Adolescent, j'avais un besoin cruel d'aventure, besoin que je n'arrivais jamais à satisfaire tant il était profond. Mais, si je ne pouvais vivre aucune histoire, alors peut-être pourrais-je les imaginer ? C'est à ce moment précis que je me suis pris de passion pour les histoires et plus précisément pour l'art de les construire et de leur donner vie. C'est ce qu'on appelle la narratologie, l'étude de la narration, de la construction d'un récit et des éléments qui composent la recette d'une histoire pour la rendre cohérente, puissante et chargée de sens.
Après cette période de passion pour la narratologie, je n'ai cessé de voir ma vie comme un scénario, où le protagoniste, encore inconscient de ses faiblesses et inapte à évoluer, devra faire face à une série d'incidents et d'aléas. Épreuves qui feront naître chez lui peurs, déni et angoisses. Le protagoniste sera progressivement poussé à l'épuisement puis à un point de rupture qui provoquera chez lui, à condition qu'il soit prêt à l'accueillir, une prise de conscience, un instant de révélation, qui lui donnera les clefs pour enfin se sortir de la souffrance.  Ces clefs de conscience, si elles sont bien utilisées, permettront au héros d'accéder à l'épreuve finale, une étape de jugement dernier qui symbolisera son salut… ou bien sa mort s'il n'a pas su tirer d'enseignements des épreuves passées.
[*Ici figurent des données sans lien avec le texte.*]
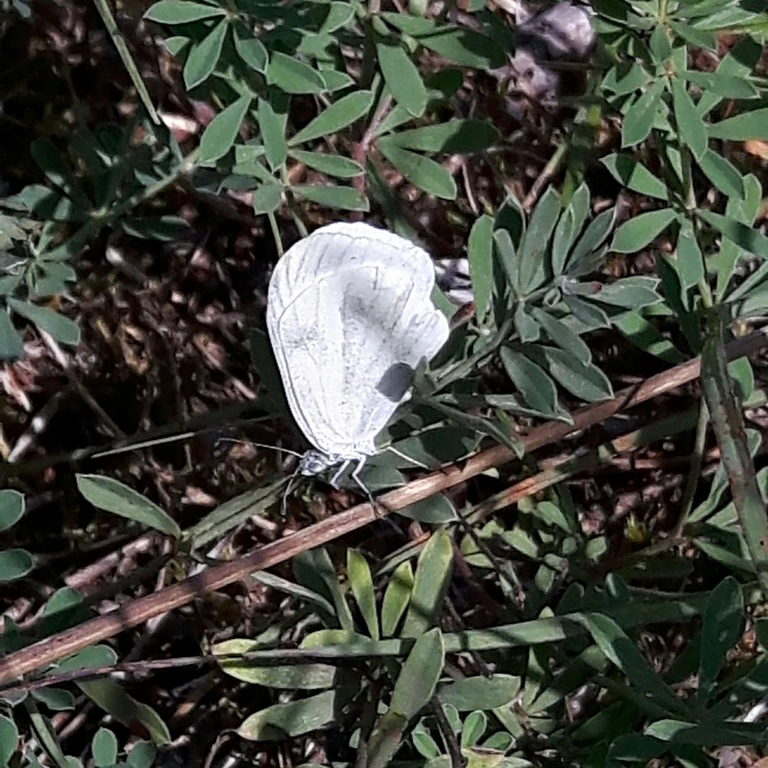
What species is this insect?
Leptidea sinapis/juvernica
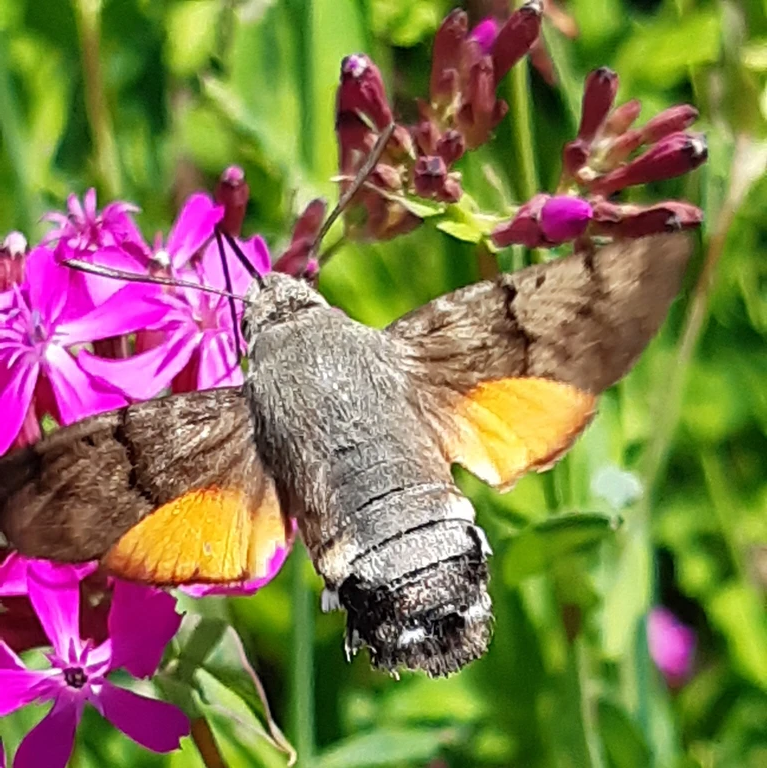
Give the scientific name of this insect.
Macroglossum stellatarum
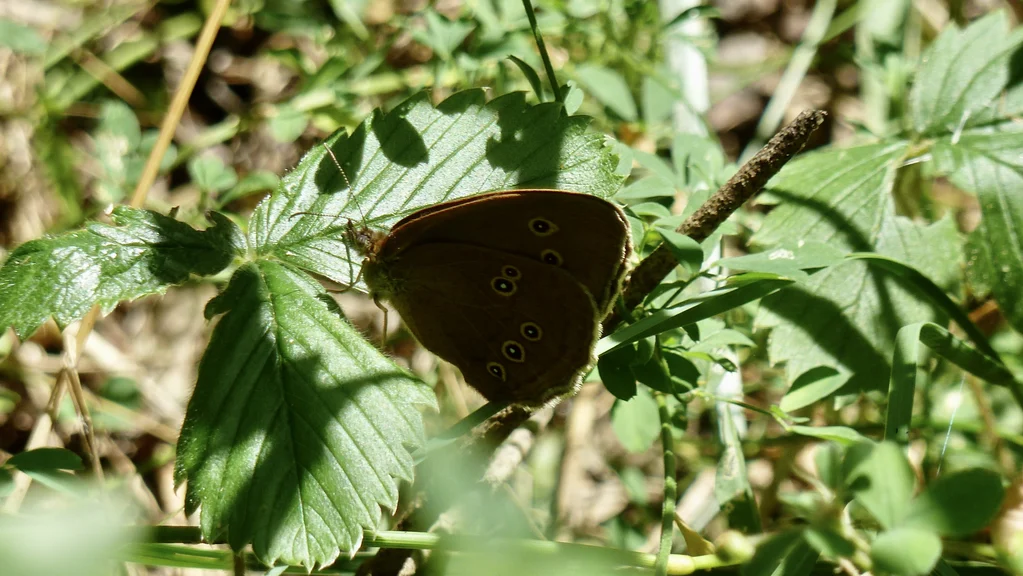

Dans la mesure où celui-ci a passé cette ultime épreuve, une étape de transformation se poursuit où le héros accepte pour de bon de changer intérieurement, d'accéder à un nouveau stade de conscience afin de résoudre tous les conflits qui se sont dès lors présentés à lui et qui se présenteront à lui. Ainsi, pour moi, les périodes de souffrances et de doutes sont toujours salutaires et s'accompagnent toujours d'un vent de renouveau et de création.
Si je ne suis jamais devenu scénariste ou même un grand spécialiste de la narration, j'ai en revanche compris que les héros de nos histoires n'étaient pas si différents de nous. Comprendre comment un personnage était amené à vivre des péripéties pour en tirer des enseignements et en ressortir transformé, m'a beaucoup appris sur les comportements humains et la manière dont je devais appréhender telle ou telle épreuve dans ma vie.
Pourquoi je vous raconte tout ça ? Afin que vous puissiez comprendre comment ce projet de traversée de l'Islande est apparu à moi comme une évidence.
Hiver, vide émotionnel et épuisement.
Aller vers l'autre est pour moi un désir et non un besoin. J'aime tout simplement la solitude, car je me satisfais à moi-même et je n'éprouve que très rarement ce sentiment d'être incomplet.
Mais… l'hiver dernier, j'ai expérimenté quelque chose de nouveau, l'une des périodes les plus difficiles de ma vie. Une série de rencontres et d'histoires sentimentales sans lendemain qui ont provoqué chez moi une souffrance, mais surtout un vide émotionnel que je n'avais alors jamais ressenti. Cette période dura de longues semaines et je savais que pour m'en extraire, il fallait que j'aille de l'avant, mais également que j'atteigne, à l'instar d'un protagoniste, un point d'épuisement, de rupture qui me permette d'atteindre une étape de révélation, de prise de conscience.
Seulement, comment allais-je faire pour atteindre ce point de rupture, car mon quotidien ne me permettait pas d'y accéder, au contraire, il m'entretenait toujours dans cette même intensité de souffrance, comparable à une drogue, celle qui est désagréable et vous empoisonne, mais qui est bien assez agréable pour que vous en repreniez. Et tant qu'un drame n'est pas arrivé, vous perdurez dans ce schéma de souffrance.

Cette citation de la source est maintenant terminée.